Studio album by Jimmy Buffett
- Released: May 24, 1999
- Genre: Country rock; Gulf and Western;
- Length: 55:33
- Label: Margaritaville; Island;
- Producer: Russell Kunkel; Michael Utley; Mac McAnally; Tony Brown;

Jimmy Buffett chronology
| Don't Stop the Carnival (1998) | Beach House on the Moon (1999) | Far Side of the World (2002) |

= Beach House on the Moon =

Beach House on the Moon is the twenty-third studio album by American singer-songwriter Jimmy Buffett and was released on May 24, 1999. It is his second and last studio album released on Island Records and the last release of Margaritaville Records.

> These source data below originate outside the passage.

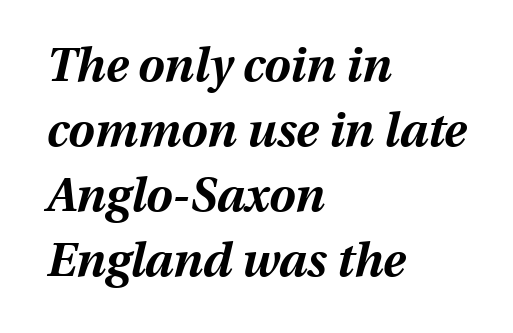
The image shows 47 px bold type, italic (leaning right); set left-aligned, normal line spacing (1.38x), normal letter spacing, not underlined; medium stroke contrast and a medium x-height.
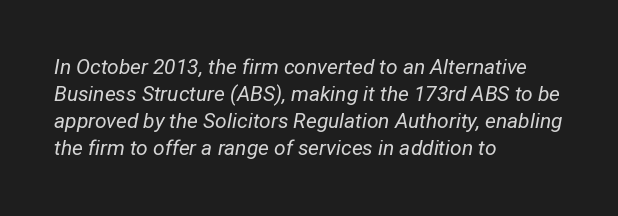
The image shows 21 px text type, italic (leaning right); set left-aligned, normal line spacing (1.29x), normal letter spacing, not underlined.
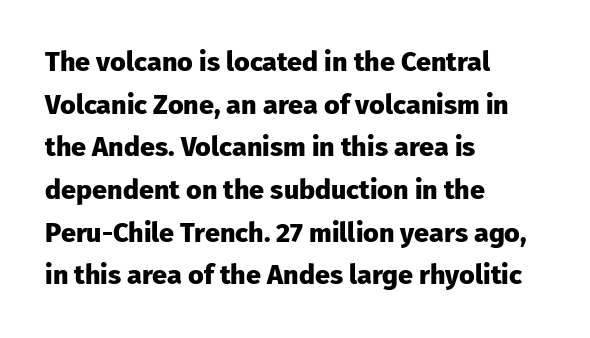
The image shows 27 px bold type, upright; set left-aligned, normal line spacing (1.58x), normal letter spacing, not underlined.
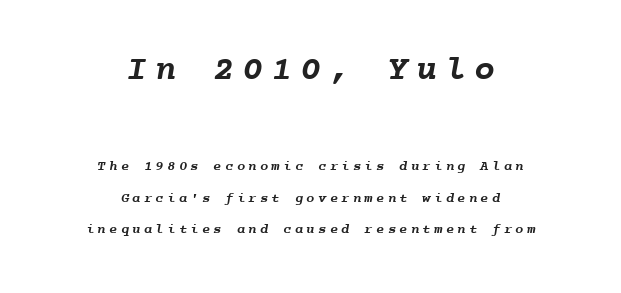
The image shows 35 px semibold type, monospaced; set centered, loose line spacing (2.24x), unusually wide letter spacing (+0.23 em), not underlined; the first (top) block is 2.5x larger; low stroke contrast and a medium x-height.
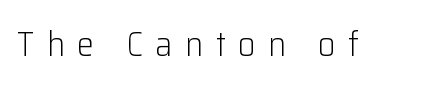
{"serif": "no", "italic": "no", "bold": "no", "weight": "light", "width": "normal", "stroke_contrast": "low", "x_height": "medium", "monospaced": "no", "underline": "no", "letter_spacing": "wide", "letter_spacing_em": 0.37, "glyph_px": 34}
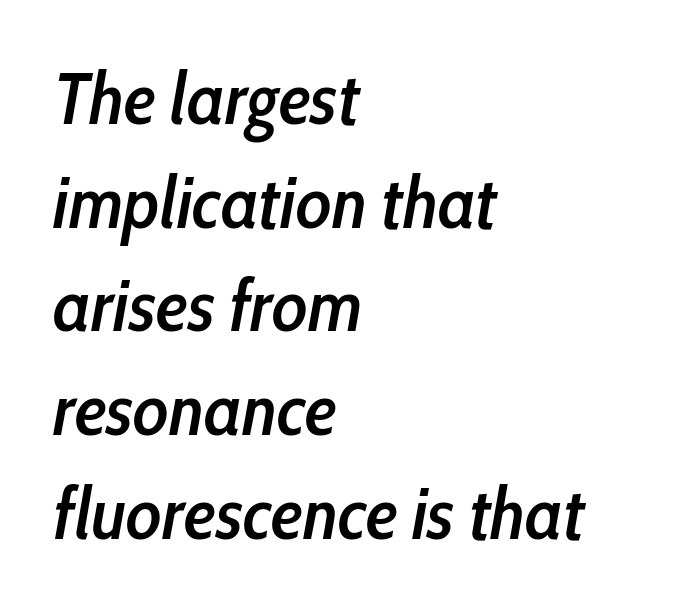
The image shows 73 px semibold, condensed type, italic (leaning right); set left-aligned, normal line spacing (1.42x), normal letter spacing, not underlined; low stroke contrast and a medium x-height.
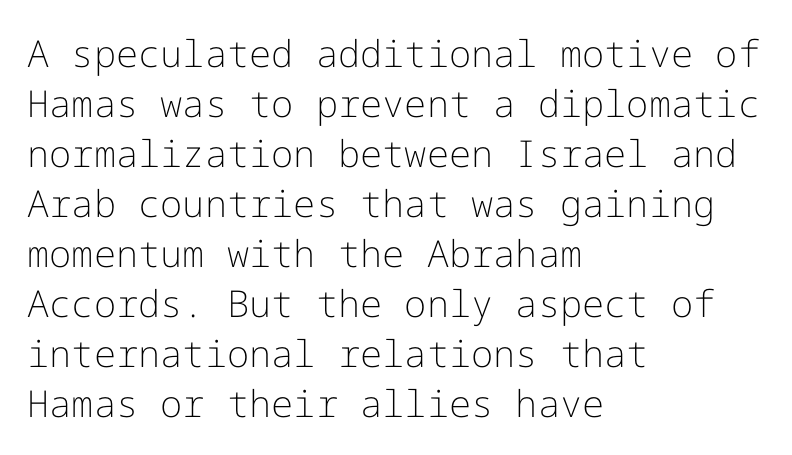
{"serif": "no", "italic": "no", "bold": "no", "weight": "light", "width": "normal", "stroke_contrast": "low", "x_height": "medium", "underline": "no", "align": "left", "line_spacing": "normal", "line_spacing_ratio": 1.35, "letter_spacing": "normal", "letter_spacing_em": 0.0, "glyph_px": 37}
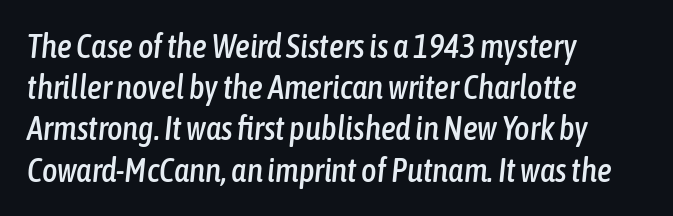
Q: Is the text italic (slanted)? A: Yes, it leans right by about 6 degrees.
Q: Is the text underlined? A: No.
Q: How is the paragraph aligned? A: Left-aligned.
Q: Is the spacing between letters normal or unusually wide? A: Normal.
Q: Is the spacing between lines tight, normal or loose? A: Normal.
Q: Width (condensed, normal, or wide)? A: Condensed.
Q: Stroke contrast? A: Low.
Q: x-height? A: Medium.
Q: Monospaced? A: No.
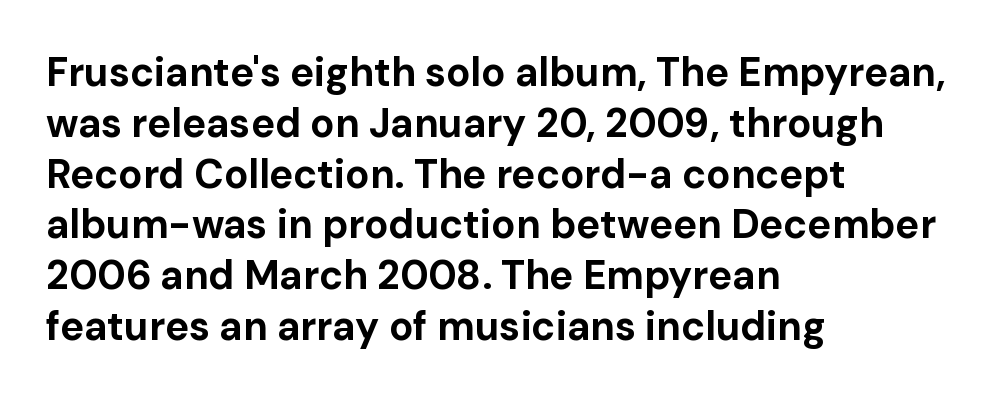
Q: Is the text bold? A: Yes.
Q: Is the text italic (slanted)? A: No, it is upright.
Q: Is the typeface a serif or a sans-serif typeface? A: Sans-serif.
Q: Is the text underlined? A: No.
Q: How is the paragraph aligned? A: Left-aligned.
Q: Is the spacing between letters normal or unusually wide? A: Normal.
Q: Is the spacing between lines tight, normal or loose? A: Normal.
Q: Width (condensed, normal, or wide)? A: Normal.
Q: Stroke contrast? A: Low.
Q: x-height? A: Medium.
Q: Monospaced? A: No.
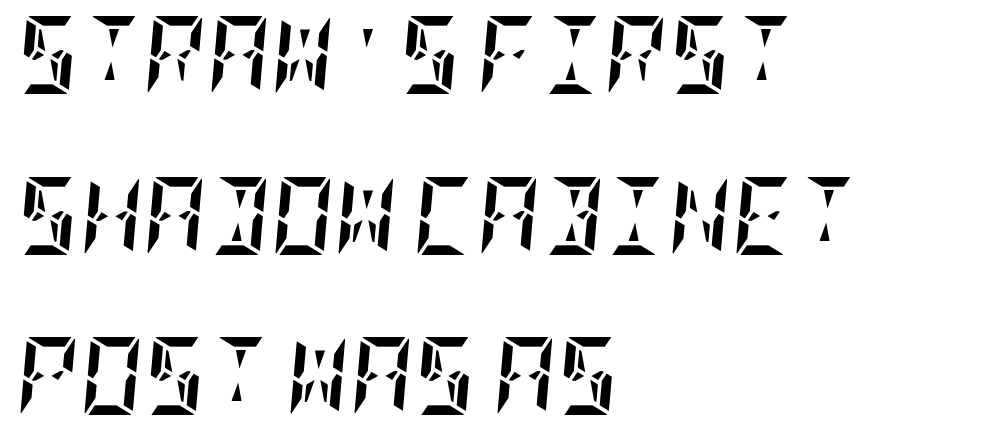
Q: Is the text bold? A: Yes.
Q: Is the text italic (slanted)? A: Yes, it leans right by about 5 degrees.
Q: Is the text underlined? A: No.
Q: How is the paragraph aligned? A: Left-aligned.
Q: Is the spacing between letters normal or unusually wide? A: Normal.
Q: Is the spacing between lines tight, normal or loose? A: Loose.
Q: Width (condensed, normal, or wide)? A: Condensed.
Q: Stroke contrast? A: Low.
Q: x-height? A: Large.
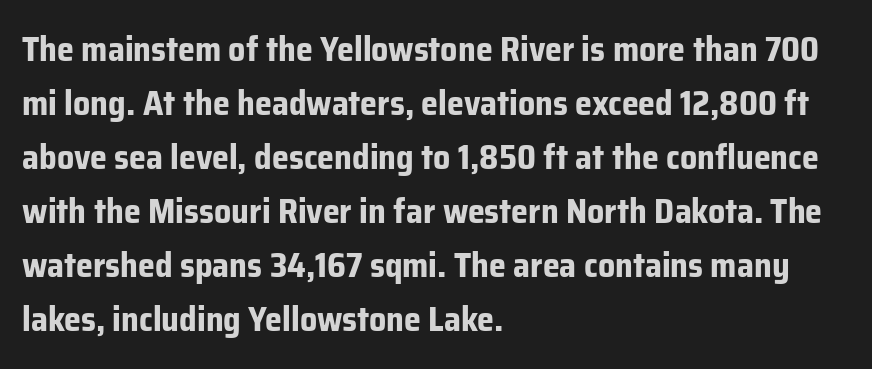
{"serif": "no", "italic": "no", "bold": "yes", "weight": "bold", "width": "normal", "stroke_contrast": "low", "x_height": "medium", "monospaced": "no", "underline": "no", "align": "left", "line_spacing": "normal", "line_spacing_ratio": 1.59, "letter_spacing": "normal", "letter_spacing_em": 0.0, "glyph_px": 34}
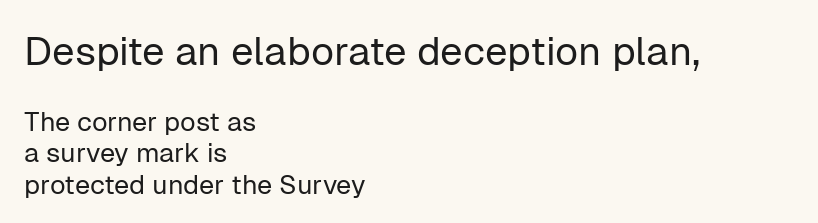
The image shows 40 px regular-weight sans-serif type, upright; set left-aligned, line spacing 1.17x, normal letter spacing, not underlined; the first (top) block is 1.48x larger; low stroke contrast and a medium x-height.
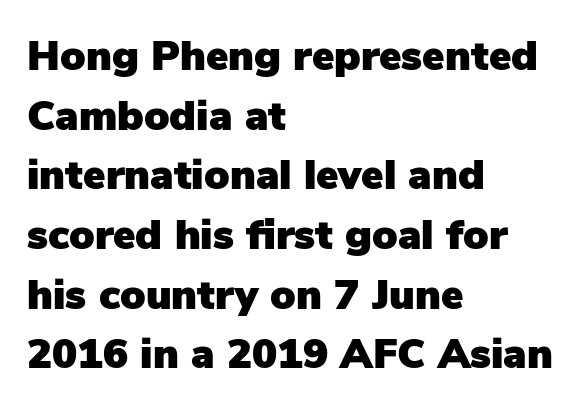
{"serif": "no", "italic": "no", "width": "normal", "stroke_contrast": "low", "x_height": "medium", "monospaced": "no", "underline": "no", "align": "left", "line_spacing": "normal", "line_spacing_ratio": 1.42, "letter_spacing": "normal", "letter_spacing_em": 0.0, "glyph_px": 42}
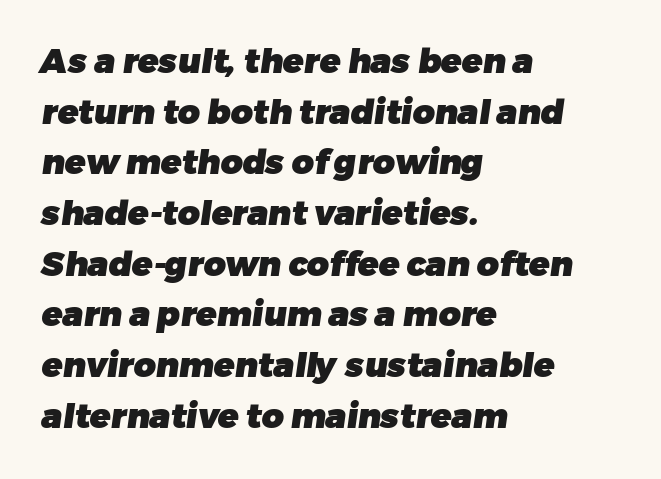
The face used here is a sans, in the tradition of grotesques and geometrics. Compared with an ordinary text face, these strokes are far heavier — a full bold. The passage shown has conventional tracking throughout. The zone under the glyphs is completely vacant. Each letter keeps its own natural width here, so spacing adapts to shape. All the whitespace from short lines collects on the right.
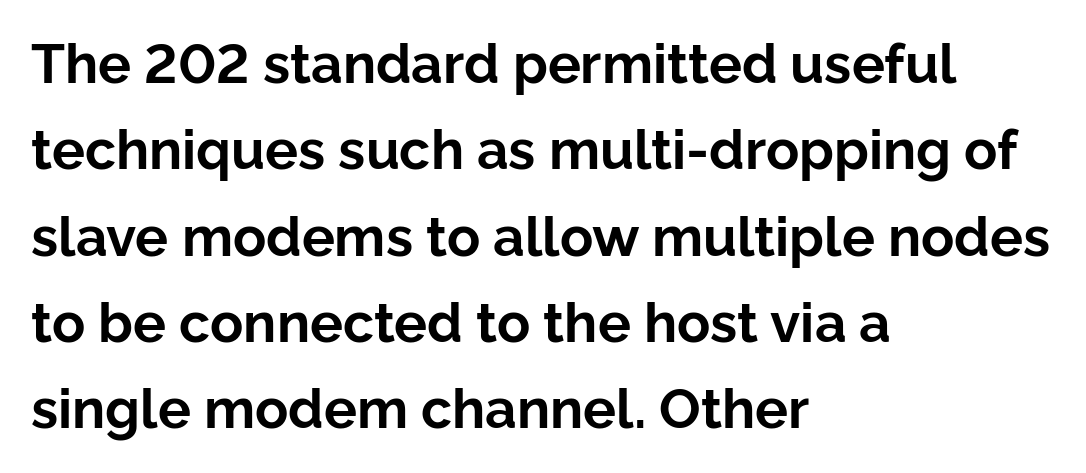
{"serif": "no", "italic": "no", "bold": "yes", "weight": "bold", "width": "normal", "stroke_contrast": "low", "x_height": "medium", "monospaced": "no", "underline": "no", "align": "left", "line_spacing": "normal", "line_spacing_ratio": 1.57, "letter_spacing": "normal", "letter_spacing_em": 0.0, "glyph_px": 55}
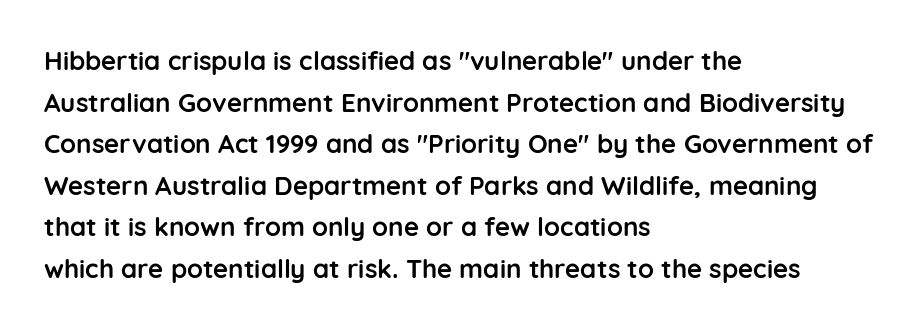
When letters stand straight like this, we call the style roman or upright. Successive baselines arrive at the customary interval. This rendering uses left alignment, leaving the right contour irregular. Notice how thick the strokes are: this is what a full bold looks like.
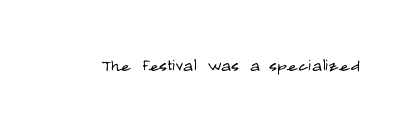
Q: Is the text bold? A: No.
Q: Is the text italic (slanted)? A: No, it is upright.
Q: Is the text underlined? A: No.
Q: Is the spacing between letters normal or unusually wide? A: Normal.
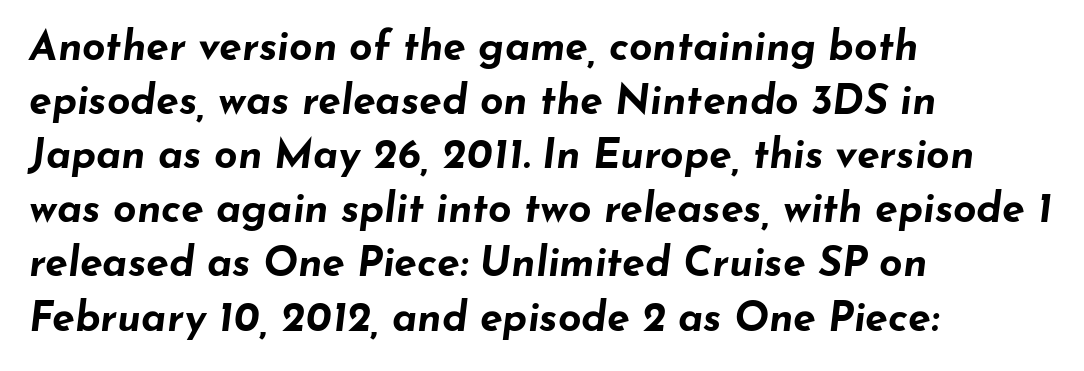
The setting favours the left margin, as ordinary paragraphs usually do. This sample uses plain, unmodified letter spacing. Words float on clear page, feet unadorned. Each letter keeps its own natural width here, so spacing adapts to shape.

It reached number 8 on the Billboard 200 chart.

Professional ratings
Review scores
| Source | Rating |
| Allmusic | Star |
| Rolling Stone | link |

==Songs==
The song "Math Suks" caused a minor and brief media frenzy over Jimmy Buffett's seeming disdain for math education. The lyrics tell of the author's frustration as a math student. The song's lyrics refer to hearing the phrase "Math sucks" on an interview on TV, though Buffett later noted that the inspiration actually came from graffiti on a bridge in Key West Florida. Mathematical terms are used in a superficial way in the song, which drew criticism from mathematicians and mathematics teachers. The song was condemned by the US National Council of Teachers of Mathematics and the National Education Association for its alleged negative effect on children's education.

==Track listing==

| No. | Title | Writer(s) | Length |
|---|---|---|---|
| 1. | "Beach House on the Moon" | Jimmy Buffett | 6:06 |
| 2. | "Permanent Reminder of a Temporary Feeling" | Buffett | 4:43 |
| 3. | "Waiting for the Next Explosion" | Buffett | 5:00 |
| 4. | "Pacing the Cage" | Bruce Cockburn | 4:43 |
| 5. | "You Call It Jogging" | John D. Loudermilk | 3:52 |
| 6. | "Flesh and Bone" | Buffett, Mac McAnally, Michael Utley | 5:42 |
| 7. | "I Will Play for Gumbo" | Buffett | 4:06 |
| 8. | "Math Suks" | Buffett, Roger Guth, Peter Mayer | 4:29 |
| 9. | "Spending Money" | Buffett, McAnally | 2:55 |
| 10. | "Semi-True Story" | McAnally | 3:14 |
| 11. | "Lucky Stars" | Roger Guth, Peter Mayer | 3:46 |
| 12. | "I Don’t Know and I Don’t Care" | Buffett, Jim Mayer | 3:43 |
| 13. | "Oysters and Pearls" | Buffett, McAnally | 3:14 |
| Total length: |  |  | 55:33 |

==Personnel==
===The Coral Reefer Band===
- Keyboards: Michael Utley
- Harmonica: Greg "Fingers" Taylor
- Steel drums: Robert Greenidge
- Percussion: Ralph MacDonald
- Drums: Roger Guth
- Guitar: Jimmy Buffett, Peter Mayer, Mac McAnally
- Bass guitar: Jim Mayer
- Saxophone: Amy Lee, Tom Mitchell
- Trumpet: John Lovell
- Vocals: Peter Mayer, Jim Mayer, Mac McAnally, Nadirah Shakoor, Tina Gullickson

===Additional musicians===
- Steel guitar: Doyle Grisham ("If you hear steel guitar it's Doyle.")
- Slide guitar: Jack Pearson (Tracks 3, 7, 5, and 10)
- Bass guitar: David Hood (Tracks 3, 6, 7, and 10)
- Drums: Roger Hawkins (Tracks 3, 6, 7, and 10)
- Flute: Bill Miller (Track 1)
- Fiddle: Stuart Duncan (Tracks 7 and 10)
- Tenor saxophone: Jim Horn (Track 6)
- Accordion: Marc Savoy (Track 7)
- Vocals: The Tams (Track 6)

==Charts==

===Weekly charts===

| Chart (1999) | Peak position |
|---|---|
| US Billboard 200 | 8 |

===Year-end charts===

| Chart (1999) | Position |
|---|---|
| US Billboard 200 | 158 |

==Certifications==

| Region | Certification | Certified units/sales |
| United States (RIAA) | Gold | 500,000^{^} |
^{^} Shipments figures based on certification alone.